The complete listing, repeated precisely, must form the answer.

Data excerpts below:

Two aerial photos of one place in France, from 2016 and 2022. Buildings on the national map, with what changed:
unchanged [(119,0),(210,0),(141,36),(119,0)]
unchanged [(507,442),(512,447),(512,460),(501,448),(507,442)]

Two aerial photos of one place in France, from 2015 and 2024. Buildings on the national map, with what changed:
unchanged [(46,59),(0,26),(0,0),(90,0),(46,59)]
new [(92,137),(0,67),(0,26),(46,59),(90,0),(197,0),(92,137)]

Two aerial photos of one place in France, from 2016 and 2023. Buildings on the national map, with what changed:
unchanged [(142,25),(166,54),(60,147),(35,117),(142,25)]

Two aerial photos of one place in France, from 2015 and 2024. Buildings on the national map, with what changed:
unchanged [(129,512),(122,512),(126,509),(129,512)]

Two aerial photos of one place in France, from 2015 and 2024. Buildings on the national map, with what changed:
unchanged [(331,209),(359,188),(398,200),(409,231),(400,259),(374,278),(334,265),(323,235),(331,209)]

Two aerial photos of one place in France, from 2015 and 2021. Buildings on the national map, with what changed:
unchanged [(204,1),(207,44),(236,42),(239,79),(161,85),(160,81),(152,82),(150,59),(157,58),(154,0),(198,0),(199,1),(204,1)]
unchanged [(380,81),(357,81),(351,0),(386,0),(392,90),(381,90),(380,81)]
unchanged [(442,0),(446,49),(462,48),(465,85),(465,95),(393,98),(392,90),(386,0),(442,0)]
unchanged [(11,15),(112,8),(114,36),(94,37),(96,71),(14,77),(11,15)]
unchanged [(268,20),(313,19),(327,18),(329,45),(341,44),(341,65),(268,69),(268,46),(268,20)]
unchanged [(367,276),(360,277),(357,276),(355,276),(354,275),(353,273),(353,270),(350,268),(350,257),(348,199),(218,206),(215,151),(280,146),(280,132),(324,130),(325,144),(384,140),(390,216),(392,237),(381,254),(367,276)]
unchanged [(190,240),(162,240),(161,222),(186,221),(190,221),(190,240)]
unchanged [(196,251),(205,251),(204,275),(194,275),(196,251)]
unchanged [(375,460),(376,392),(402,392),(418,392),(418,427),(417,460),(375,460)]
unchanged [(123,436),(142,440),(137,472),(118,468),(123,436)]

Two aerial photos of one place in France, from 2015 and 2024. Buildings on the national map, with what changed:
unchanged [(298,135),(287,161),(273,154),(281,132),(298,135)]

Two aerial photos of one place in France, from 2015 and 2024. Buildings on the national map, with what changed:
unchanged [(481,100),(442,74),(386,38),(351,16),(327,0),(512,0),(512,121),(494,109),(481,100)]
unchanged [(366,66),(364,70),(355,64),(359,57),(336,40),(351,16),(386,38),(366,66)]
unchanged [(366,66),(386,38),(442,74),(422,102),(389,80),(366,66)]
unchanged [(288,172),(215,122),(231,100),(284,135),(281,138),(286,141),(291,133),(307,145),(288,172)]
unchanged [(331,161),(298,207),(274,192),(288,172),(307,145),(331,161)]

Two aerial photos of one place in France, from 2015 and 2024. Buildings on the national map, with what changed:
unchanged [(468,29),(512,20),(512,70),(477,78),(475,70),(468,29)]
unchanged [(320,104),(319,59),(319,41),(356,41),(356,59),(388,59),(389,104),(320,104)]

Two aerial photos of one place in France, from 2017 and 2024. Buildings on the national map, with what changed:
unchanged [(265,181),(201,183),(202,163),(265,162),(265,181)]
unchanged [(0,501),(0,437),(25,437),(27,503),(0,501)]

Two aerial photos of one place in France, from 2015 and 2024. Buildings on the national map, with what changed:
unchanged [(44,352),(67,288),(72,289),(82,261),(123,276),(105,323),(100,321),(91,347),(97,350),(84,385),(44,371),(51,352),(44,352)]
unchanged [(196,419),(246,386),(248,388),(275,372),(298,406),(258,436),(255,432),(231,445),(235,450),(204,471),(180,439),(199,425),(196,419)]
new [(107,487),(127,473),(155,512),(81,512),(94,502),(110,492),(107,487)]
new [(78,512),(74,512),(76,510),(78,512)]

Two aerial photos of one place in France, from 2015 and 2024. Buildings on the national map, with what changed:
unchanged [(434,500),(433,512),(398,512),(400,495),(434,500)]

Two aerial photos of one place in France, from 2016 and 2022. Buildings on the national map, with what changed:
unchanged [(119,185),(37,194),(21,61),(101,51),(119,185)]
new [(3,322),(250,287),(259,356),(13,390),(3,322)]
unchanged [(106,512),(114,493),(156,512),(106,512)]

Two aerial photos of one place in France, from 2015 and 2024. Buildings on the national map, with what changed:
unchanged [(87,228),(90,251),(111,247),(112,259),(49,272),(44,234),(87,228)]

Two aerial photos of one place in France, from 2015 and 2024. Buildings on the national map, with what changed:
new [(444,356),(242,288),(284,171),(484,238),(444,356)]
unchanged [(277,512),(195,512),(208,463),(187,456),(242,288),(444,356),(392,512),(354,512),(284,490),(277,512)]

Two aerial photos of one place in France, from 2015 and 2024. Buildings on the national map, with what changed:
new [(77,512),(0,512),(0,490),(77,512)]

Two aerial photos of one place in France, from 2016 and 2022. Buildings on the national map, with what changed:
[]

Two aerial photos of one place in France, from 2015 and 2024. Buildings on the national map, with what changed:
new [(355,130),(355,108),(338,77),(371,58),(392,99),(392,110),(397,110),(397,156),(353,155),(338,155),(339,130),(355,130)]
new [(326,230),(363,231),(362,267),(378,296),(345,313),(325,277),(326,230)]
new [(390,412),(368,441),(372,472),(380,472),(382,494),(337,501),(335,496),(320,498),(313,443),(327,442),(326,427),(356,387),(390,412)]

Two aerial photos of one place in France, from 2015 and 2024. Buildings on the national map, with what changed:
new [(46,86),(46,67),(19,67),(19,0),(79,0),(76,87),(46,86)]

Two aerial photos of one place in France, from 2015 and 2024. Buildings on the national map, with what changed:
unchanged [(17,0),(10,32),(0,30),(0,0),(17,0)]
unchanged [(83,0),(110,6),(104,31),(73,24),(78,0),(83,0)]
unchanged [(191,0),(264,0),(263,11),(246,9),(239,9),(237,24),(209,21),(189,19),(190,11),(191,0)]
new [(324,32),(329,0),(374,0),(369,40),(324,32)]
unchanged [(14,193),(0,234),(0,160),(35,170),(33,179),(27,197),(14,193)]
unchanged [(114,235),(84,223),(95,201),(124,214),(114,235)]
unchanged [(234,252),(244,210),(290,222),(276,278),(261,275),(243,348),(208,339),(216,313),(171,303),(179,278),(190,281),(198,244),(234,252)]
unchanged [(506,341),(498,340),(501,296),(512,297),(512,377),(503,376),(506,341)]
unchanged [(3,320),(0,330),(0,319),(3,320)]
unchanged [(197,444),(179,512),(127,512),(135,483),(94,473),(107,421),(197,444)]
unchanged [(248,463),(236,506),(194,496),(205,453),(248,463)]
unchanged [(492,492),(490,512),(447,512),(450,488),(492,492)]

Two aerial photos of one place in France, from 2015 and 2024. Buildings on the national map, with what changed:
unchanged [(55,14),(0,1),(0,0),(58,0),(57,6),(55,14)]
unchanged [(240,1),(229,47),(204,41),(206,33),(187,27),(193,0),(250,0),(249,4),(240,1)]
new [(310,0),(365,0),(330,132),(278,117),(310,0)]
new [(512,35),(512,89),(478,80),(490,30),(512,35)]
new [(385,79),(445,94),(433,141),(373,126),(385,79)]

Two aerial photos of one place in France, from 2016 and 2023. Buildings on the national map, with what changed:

End of Data excerpts.

> **Answer below**
Two aerial photos of one place in France, from 2016 and 2022. Buildings on the national map, with what changed:
unchanged [(119,0),(210,0),(141,36),(119,0)]
unchanged [(507,442),(512,447),(512,460),(501,448),(507,442)]

Two aerial photos of one place in France, from 2015 and 2024. Buildings on the national map, with what changed:
unchanged [(46,59),(0,26),(0,0),(90,0),(46,59)]
new [(92,137),(0,67),(0,26),(46,59),(90,0),(197,0),(92,137)]

Two aerial photos of one place in France, from 2016 and 2023. Buildings on the national map, with what changed:
unchanged [(142,25),(166,54),(60,147),(35,117),(142,25)]

Two aerial photos of one place in France, from 2015 and 2024. Buildings on the national map, with what changed:
unchanged [(129,512),(122,512),(126,509),(129,512)]

Two aerial photos of one place in France, from 2015 and 2024. Buildings on the national map, with what changed:
unchanged [(331,209),(359,188),(398,200),(409,231),(400,259),(374,278),(334,265),(323,235),(331,209)]

Two aerial photos of one place in France, from 2015 and 2021. Buildings on the national map, with what changed:
unchanged [(204,1),(207,44),(236,42),(239,79),(161,85),(160,81),(152,82),(150,59),(157,58),(154,0),(198,0),(199,1),(204,1)]
unchanged [(380,81),(357,81),(351,0),(386,0),(392,90),(381,90),(380,81)]
unchanged [(442,0),(446,49),(462,48),(465,85),(465,95),(393,98),(392,90),(386,0),(442,0)]
unchanged [(11,15),(112,8),(114,36),(94,37),(96,71),(14,77),(11,15)]
unchanged [(268,20),(313,19),(327,18),(329,45),(341,44),(341,65),(268,69),(268,46),(268,20)]
unchanged [(367,276),(360,277),(357,276),(355,276),(354,275),(353,273),(353,270),(350,268),(350,257),(348,199),(218,206),(215,151),(280,146),(280,132),(324,130),(325,144),(384,140),(390,216),(392,237),(381,254),(367,276)]
unchanged [(190,240),(162,240),(161,222),(186,221),(190,221),(190,240)]
unchanged [(196,251),(205,251),(204,275),(194,275),(196,251)]
unchanged [(375,460),(376,392),(402,392),(418,392),(418,427),(417,460),(375,460)]
unchanged [(123,436),(142,440),(137,472),(118,468),(123,436)]

Two aerial photos of one place in France, from 2015 and 2024. Buildings on the national map, with what changed:
unchanged [(298,135),(287,161),(273,154),(281,132),(298,135)]

Two aerial photos of one place in France, from 2015 and 2024. Buildings on the national map, with what changed:
unchanged [(481,100),(442,74),(386,38),(351,16),(327,0),(512,0),(512,121),(494,109),(481,100)]
unchanged [(366,66),(364,70),(355,64),(359,57),(336,40),(351,16),(386,38),(366,66)]
unchanged [(366,66),(386,38),(442,74),(422,102),(389,80),(366,66)]
unchanged [(288,172),(215,122),(231,100),(284,135),(281,138),(286,141),(291,133),(307,145),(288,172)]
unchanged [(331,161),(298,207),(274,192),(288,172),(307,145),(331,161)]

Two aerial photos of one place in France, from 2015 and 2024. Buildings on the national map, with what changed:
unchanged [(468,29),(512,20),(512,70),(477,78),(475,70),(468,29)]
unchanged [(320,104),(319,59),(319,41),(356,41),(356,59),(388,59),(389,104),(320,104)]

Two aerial photos of one place in France, from 2017 and 2024. Buildings on the national map, with what changed:
unchanged [(265,181),(201,183),(202,163),(265,162),(265,181)]
unchanged [(0,501),(0,437),(25,437),(27,503),(0,501)]

Two aerial photos of one place in France, from 2015 and 2024. Buildings on the national map, with what changed:
unchanged [(44,352),(67,288),(72,289),(82,261),(123,276),(105,323),(100,321),(91,347),(97,350),(84,385),(44,371),(51,352),(44,352)]
unchanged [(196,419),(246,386),(248,388),(275,372),(298,406),(258,436),(255,432),(231,445),(235,450),(204,471),(180,439),(199,425),(196,419)]
new [(107,487),(127,473),(155,512),(81,512),(94,502),(110,492),(107,487)]
new [(78,512),(74,512),(76,510),(78,512)]

Two aerial photos of one place in France, from 2015 and 2024. Buildings on the national map, with what changed:
unchanged [(434,500),(433,512),(398,512),(400,495),(434,500)]

Two aerial photos of one place in France, from 2016 and 2022. Buildings on the national map, with what changed:
unchanged [(119,185),(37,194),(21,61),(101,51),(119,185)]
new [(3,322),(250,287),(259,356),(13,390),(3,322)]
unchanged [(106,512),(114,493),(156,512),(106,512)]

Two aerial photos of one place in France, from 2015 and 2024. Buildings on the national map, with what changed:
unchanged [(87,228),(90,251),(111,247),(112,259),(49,272),(44,234),(87,228)]

Two aerial photos of one place in France, from 2015 and 2024. Buildings on the national map, with what changed:
new [(444,356),(242,288),(284,171),(484,238),(444,356)]
unchanged [(277,512),(195,512),(208,463),(187,456),(242,288),(444,356),(392,512),(354,512),(284,490),(277,512)]

Two aerial photos of one place in France, from 2015 and 2024. Buildings on the national map, with what changed:
new [(77,512),(0,512),(0,490),(77,512)]

Two aerial photos of one place in France, from 2016 and 2022. Buildings on the national map, with what changed:
[]

Two aerial photos of one place in France, from 2015 and 2024. Buildings on the national map, with what changed:
new [(355,130),(355,108),(338,77),(371,58),(392,99),(392,110),(397,110),(397,156),(353,155),(338,155),(339,130),(355,130)]
new [(326,230),(363,231),(362,267),(378,296),(345,313),(325,277),(326,230)]
new [(390,412),(368,441),(372,472),(380,472),(382,494),(337,501),(335,496),(320,498),(313,443),(327,442),(326,427),(356,387),(390,412)]

Two aerial photos of one place in France, from 2015 and 2024. Buildings on the national map, with what changed:
new [(46,86),(46,67),(19,67),(19,0),(79,0),(76,87),(46,86)]

Two aerial photos of one place in France, from 2015 and 2024. Buildings on the national map, with what changed:
unchanged [(17,0),(10,32),(0,30),(0,0),(17,0)]
unchanged [(83,0),(110,6),(104,31),(73,24),(78,0),(83,0)]
unchanged [(191,0),(264,0),(263,11),(246,9),(239,9),(237,24),(209,21),(189,19),(190,11),(191,0)]
new [(324,32),(329,0),(374,0),(369,40),(324,32)]
unchanged [(14,193),(0,234),(0,160),(35,170),(33,179),(27,197),(14,193)]
unchanged [(114,235),(84,223),(95,201),(124,214),(114,235)]
unchanged [(234,252),(244,210),(290,222),(276,278),(261,275),(243,348),(208,339),(216,313),(171,303),(179,278),(190,281),(198,244),(234,252)]
unchanged [(506,341),(498,340),(501,296),(512,297),(512,377),(503,376),(506,341)]
unchanged [(3,320),(0,330),(0,319),(3,320)]
unchanged [(197,444),(179,512),(127,512),(135,483),(94,473),(107,421),(197,444)]
unchanged [(248,463),(236,506),(194,496),(205,453),(248,463)]
unchanged [(492,492),(490,512),(447,512),(450,488),(492,492)]

Two aerial photos of one place in France, from 2015 and 2024. Buildings on the national map, with what changed:
unchanged [(55,14),(0,1),(0,0),(58,0),(57,6),(55,14)]
unchanged [(240,1),(229,47),(204,41),(206,33),(187,27),(193,0),(250,0),(249,4),(240,1)]
new [(310,0),(365,0),(330,132),(278,117),(310,0)]
new [(512,35),(512,89),(478,80),(490,30),(512,35)]
new [(385,79),(445,94),(433,141),(373,126),(385,79)]

Two aerial photos of one place in France, from 2016 and 2023. Buildings on the national map, with what changed:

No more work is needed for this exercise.